Around noon Wednesday, "Wagon 4" backed into the right bay inside the Paxton Fire Company in Shipoke. Dubbed Station 6 by the Harrisburg Bureau of Fire, "Wagon 4" has temporarily been renamed "Engine 6" until further notice. The station was not staffed until abc27 broke a story Tuesday evening about it being unmanned for about a week, according to sources. On Wednesday, Deputy Fire Chief Gary Neff said that report was inaccurate.

"(Station 6) was unmanned for about two days over a weekend," said Neff.

When asked why "Wagon 4" was brought down after the story aired, he responded that was coincidence because of a "shift change" at 4 p.m..

47-year-old Scott Young has been fighting fires for most his life in Harrisburg. He sat down with abc27 on Wednesday and disputed Neff's claims.

"I'm sorry...my personal opinion...it was reactionary," said Young. "It was from last Wednesday morning until last night that (Station 6) had no piece of apparatus in it, no crew."

Young is also the Vice President for Local Union IAFF 428. He said the issues really began when "Tower 3" broke last Wednesday. Neff also said that's when "Tower 3" went out of service and reasoned why Station 8 in South Allison Hill went unmanned for "12 hours at the most."

Young explained "Tower 3" is an important piece of equipment because it is a 'quint'; a multi-purpose fire apparatus that is a ladder and pumps water. Neff said the city's two reserve engines were also down for several weeks. He explained "Tower 4", a 1987 model, is in need of several parts that are on backorder because of the truck's age. The other reserve, a 1998 model, needed a specially made belt in Ohio Neff said.

According to Neff, having one or more stations unmanned is "typical."

"To have a vacancy at a given fire station at any given time occurs every day," he said.

Neff further explained it is department procedure to move apparatus around to different fire stations when needed.

Young argues Neff's claim is misleading.

"We're not always going to be here in the station physically, but we will be available to run calls," he said. "This was a case of not having a vehicle available to run out of these station. That's a danger."

Neff maintained that Harrisburg's population was never at risk when Station 8 and Station 6 were both unmanned. He explained Station 2 on N. 16th St. and Station 1 on N. 6th St. were accessible.

"Oh sure, they can touch anywhere in the city in that three to five minutes," said Neff.

Last year, the Harrisburg Bureau of Fire made a promise that the department could reach anyone within city limits in three to five minutes. Young argued that is nearly impossible when half of the southern stations are unmanned.

"If we had clear roads and nothing blocking us, that's possible," he said. "But, getting to south Harrisburg in three to five minutes, no. You're talking traffic you're talking road construction any factor could delay that."

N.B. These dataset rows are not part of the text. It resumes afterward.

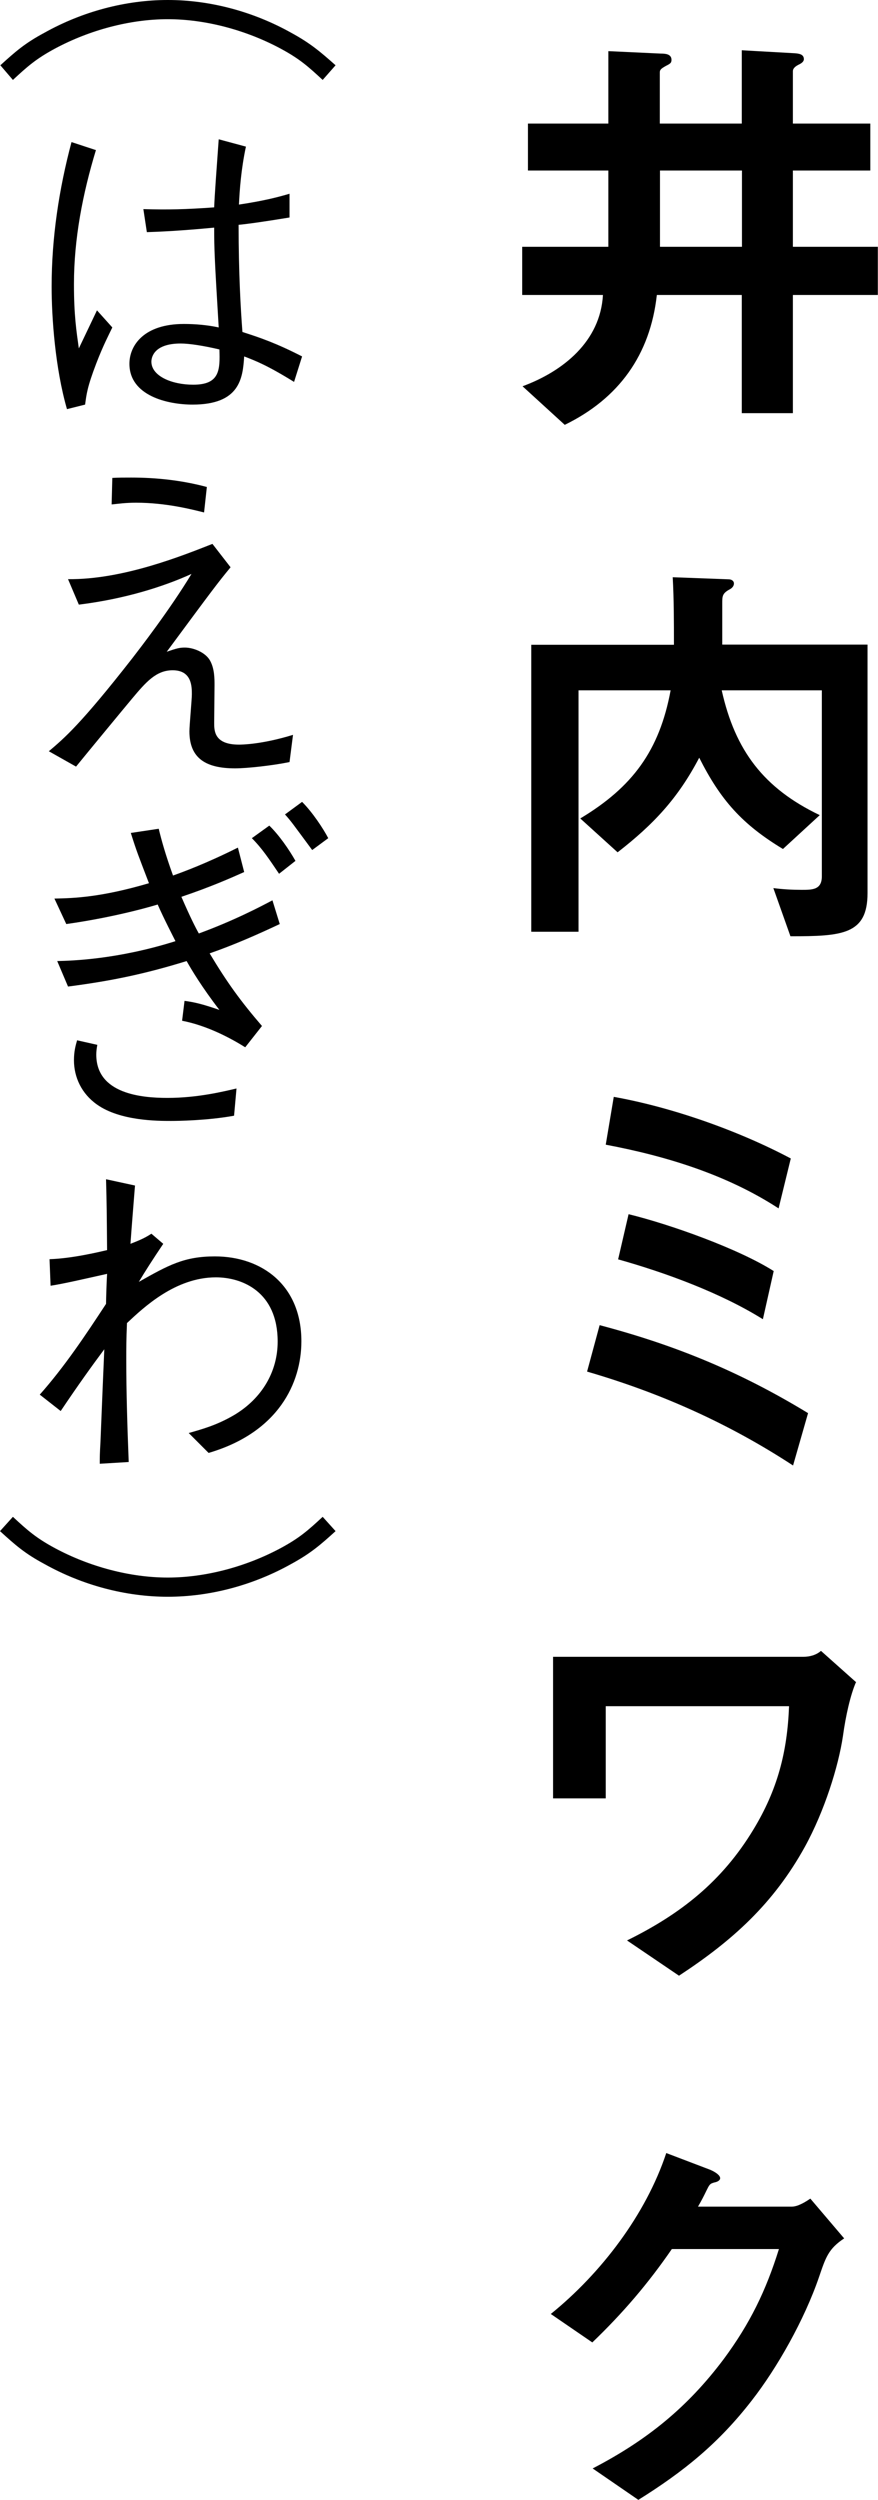<?xml version="1.0" encoding="UTF-8"?>
<svg id="_レイヤー_2" data-name="レイヤー 2" xmlns="http://www.w3.org/2000/svg" viewBox="0 0 50.34 143.22">
  <g id="_レイヤー_1-2" data-name="レイヤー 1">
    <g>
      <g>
        <path d="m45.56,3.05c.24.02.53.05.53.34,0,.14-.14.24-.29.31-.14.07-.34.19-.34.38v3h4.44v2.69h-4.44v4.37h4.87v2.76h-4.87v6.77h-2.93v-6.77h-4.87c-.38,3.43-2.18,5.93-5.28,7.44l-2.42-2.21c2.33-.86,4.46-2.57,4.61-5.23h-4.63v-2.76h4.94v-4.37h-4.61v-2.69h4.61V2.93l3,.14c.26,0,.62.02.62.36,0,.17-.07.22-.31.34-.31.17-.36.24-.36.38v2.93h4.7V2.88l3.02.17Zm-3.02,11.09v-4.37h-4.7v4.37h4.7Z"/>
        <path d="m49.74,36.94v14.23c0,2.38-1.46,2.47-4.42,2.47l-.98-2.76c.55.07,1.08.1,1.63.1.6,0,1.15,0,1.15-.77v-10.66h-5.74c.77,3.46,2.42,5.62,5.62,7.15l-2.11,1.94c-2.35-1.42-3.58-2.81-4.8-5.23-1.22,2.33-2.62,3.82-4.68,5.42l-2.14-1.94c3-1.8,4.54-3.89,5.18-7.34h-5.28v13.83h-2.71v-16.44h8.18c0-1.3,0-2.59-.07-3.87l3.22.12c.12,0,.29.07.29.24s-.14.29-.29.36c-.38.22-.38.38-.38.79v2.35h8.33Z"/>
        <path d="m46.33,80.96l-.86,3c-3.67-2.4-7.58-4.15-11.81-5.38l.72-2.66c4.37,1.15,8.09,2.69,11.95,5.04Zm-11.14-18.12c3.36.6,7.15,1.94,10.15,3.53l-.7,2.86c-2.98-1.94-6.46-3-9.91-3.65l.46-2.74Zm.84,6.72c2.38.58,6.29,1.97,8.33,3.26l-.62,2.76c-2.42-1.51-5.59-2.67-8.3-3.43l.6-2.59Z"/>
        <path d="m49.07,96.39c-.31.72-.58,1.9-.74,3.07-.26,1.75-1.06,4.3-2.18,6.34-1.8,3.26-4.15,5.38-7.22,7.39l-2.98-2.02c3.07-1.51,5.45-3.38,7.25-6.36,1.37-2.26,1.94-4.42,2.04-7.06h-10.51v5.28h-3.02v-8.11h14.35c.36,0,.74-.1,1.01-.34l2.02,1.8Z"/>
        <path d="m48.4,128.24c-.91.6-1.06,1.1-1.44,2.21-.84,2.45-2.4,5.21-3.86,7.08-1.9,2.45-3.89,4.06-6.5,5.69l-2.62-1.8c3.1-1.61,5.42-3.48,7.51-6.26,1.51-2.04,2.42-3.91,3.17-6.31h-6.14c-1.37,1.99-2.81,3.67-4.56,5.35l-2.38-1.63c2.88-2.33,5.45-5.69,6.62-9.22l2.47.94c.19.07.62.29.62.5,0,.14-.19.22-.31.24-.29.07-.31.14-.48.48-.14.29-.26.53-.48.91h5.38c.34,0,.77-.26,1.06-.46l1.94,2.28Z"/>
      </g>
      <g>
        <path d="m18.5,4.58c-.84-.78-1.34-1.22-2.42-1.8-1.98-1.06-4.3-1.68-6.46-1.68s-4.48.62-6.46,1.68c-1.08.58-1.58,1.02-2.42,1.8L.02,3.74c.86-.78,1.4-1.26,2.52-1.86C4.72.66,7.2,0,9.62,0s4.9.66,7.08,1.88c1.1.6,1.66,1.08,2.54,1.86l-.74.84Z"/>
        <path d="m3.84,23.44c-.68-2.36-.88-5.26-.88-7.02,0-2.8.42-5.58,1.14-8.28l1.4.46c-.76,2.5-1.26,5.08-1.26,7.68,0,1.78.14,2.68.28,3.68.16-.34.9-1.88,1.04-2.18l.88.98c-.2.42-.52,1.02-.92,2.06-.52,1.36-.56,1.76-.64,2.36l-1.04.26Zm4.38-11.46c1.4.04,2.4.02,4.06-.1.02-.64.14-2.22.26-3.9l1.56.42c-.28,1.32-.36,2.48-.4,3.32,1.48-.22,2.28-.44,2.9-.62v1.36c-1.58.26-2.48.38-2.92.42,0,2.76.12,4.84.22,6.14,1,.32,1.94.64,3.42,1.4l-.46,1.46c-1.52-.94-2.18-1.2-2.86-1.46-.08,1.24-.24,2.76-2.96,2.76-1.42,0-3.62-.5-3.62-2.34,0-1.04.82-2.28,3.12-2.28.66,0,1.36.06,2,.2-.24-3.98-.26-4.48-.26-5.72-1.86.18-3.18.24-3.86.26l-.2-1.32Zm2.14,7.7c-1.5,0-1.68.76-1.68,1.04,0,.82,1.16,1.32,2.4,1.32,1.52,0,1.54-.84,1.5-2.02-.94-.22-1.74-.34-2.22-.34Z"/>
        <path d="m3.9,33.18c3.14.04,6.6-1.36,8.28-2.02l1.04,1.34c-.76.92-1.04,1.3-3.66,4.84.58-.2.74-.24,1.04-.24.5,0,1.18.28,1.44.74.26.46.26,1.04.26,1.42,0,.34-.02,1.84-.02,2.16,0,.44,0,1.24,1.42,1.24.12,0,1.28,0,3.1-.56l-.2,1.56c-.98.2-2.44.36-3.12.36-1.66,0-2.62-.56-2.62-2.12,0-.34.14-1.82.14-2.12,0-.44,0-1.38-1.1-1.38-.94,0-1.52.66-2.34,1.64-.32.38-2.6,3.14-3.2,3.88l-1.56-.88c.9-.76,1.84-1.56,4.78-5.32.4-.52,2.14-2.76,3.4-4.84-1.62.74-3.86,1.44-6.46,1.76l-.62-1.46Zm7.8-3.82c-.64-.16-2.16-.56-3.9-.56-.6,0-1,.06-1.4.1l.04-1.52c.36-.02.66-.02,1.08-.02,1.46,0,2.92.16,4.34.54l-.16,1.46Z"/>
        <path d="m16.04,52.94c-1.32.62-2.64,1.2-4.02,1.68,1.02,1.7,1.78,2.74,3,4.16l-.96,1.22c-.8-.5-2.16-1.24-3.62-1.52l.14-1.14c.58.08,1.02.18,2,.52-1-1.3-1.6-2.3-1.88-2.8-2.4.74-4.32,1.14-6.8,1.46l-.62-1.46c.88-.02,3.48-.1,6.78-1.14-.14-.28-.66-1.28-1.02-2.1-.06.02-2.26.7-5.24,1.12l-.68-1.46c1.14-.02,2.7-.08,5.42-.88-.62-1.62-.7-1.8-1.04-2.88l1.6-.24c.16.66.38,1.46.82,2.68.56-.2,1.88-.68,3.72-1.6l.36,1.4c-.72.32-1.88.84-3.6,1.42.52,1.2.82,1.78,1,2.1,2.02-.74,3.54-1.54,4.22-1.9l.42,1.36Zm-2.62,10.98c-1.54.28-3.24.3-3.62.3-.76,0-2.92,0-4.24-.94-.88-.62-1.32-1.56-1.32-2.54,0-.52.1-.86.18-1.14l1.16.26c-.04.22-.06.38-.06.56,0,2.26,2.62,2.48,4.08,2.48,1.76,0,3.26-.38,3.96-.54l-.14,1.56Zm2.02-16.62c.56.54,1.14,1.38,1.5,2.02l-.94.74c-.58-.86-.98-1.46-1.56-2.04l1-.72Zm1.88-1.36c.6.6,1.22,1.54,1.5,2.08l-.92.68c-1.14-1.54-1.2-1.64-1.56-2.04l.98-.72Z"/>
        <path d="m7.74,67.92c-.08,1.02-.18,2.22-.26,3.34.4-.16.78-.3,1.2-.58l.68.58c-.58.86-1.08,1.64-1.4,2.18,1.7-.96,2.6-1.46,4.36-1.46,2.68,0,4.96,1.64,4.96,4.86,0,2.38-1.3,5.22-5.32,6.4l-1.14-1.14c.76-.22,1.6-.44,2.62-1.04,1.6-.96,2.48-2.5,2.48-4.2,0-2.86-2.04-3.68-3.54-3.68-2.32,0-4.14,1.72-5.1,2.62-.04.98-.04,1.38-.04,2.12,0,1.82.06,3.82.14,5.84l-1.66.1c0-.42,0-.54.04-1.24.12-3.06.14-3.4.22-5.32-.7.94-1.48,2.02-2.5,3.54l-1.2-.94c1.42-1.6,2.62-3.4,3.8-5.2,0-.28.04-1.48.06-1.72-1.08.24-2.54.58-3.24.68l-.06-1.52c1.28-.04,2.78-.4,3.3-.52-.02-2.24-.02-2.56-.06-4.06l1.66.36Z"/>
        <path d="m.74,86.9c.84.78,1.34,1.22,2.42,1.8,1.98,1.06,4.3,1.68,6.46,1.68s4.48-.62,6.46-1.68c1.08-.58,1.58-1.02,2.42-1.8l.74.82c-.88.8-1.44,1.28-2.54,1.88-2.18,1.22-4.66,1.88-7.08,1.88s-4.9-.66-7.08-1.88c-1.12-.6-1.66-1.08-2.54-1.88l.74-.82Z"/>
      </g>
    </g>
  </g>
</svg>

Neff and Young agreed that the city relies on surrounding fire departments outside city limits for help on average about 30 to 35 times a year and offers help upwards of 90 times a year. The Dauphin County Volunteer Firefighters Association told abc27 the county "always has the city's back" and had helped more often recently because of Harrisburg's financial constraints.

Young said that's just how the brotherhood of firefighters works, but as the capitol city, he would prefer Harrisburg not rely on outside help. He explained doing so only puts strain on crews and taxpayers in smaller townships.

Because of its utility, Neff explained "Tower 3" gets the most wear and tear. Young said that is understandable, but his gripe is he hears the department can't afford to fix the trucks in a timely manner.

"That's special maintenance that needs to be done elsewhere and a lot of times it gets held up because there's just no money to pay for it," he said.

Neff did explain that most of the newer models run in-and-out of the shop often because they work on computer chips and it takes city maintenance personnel longer to diagnose the issue. But, he said when it comes to money, that's not an issue.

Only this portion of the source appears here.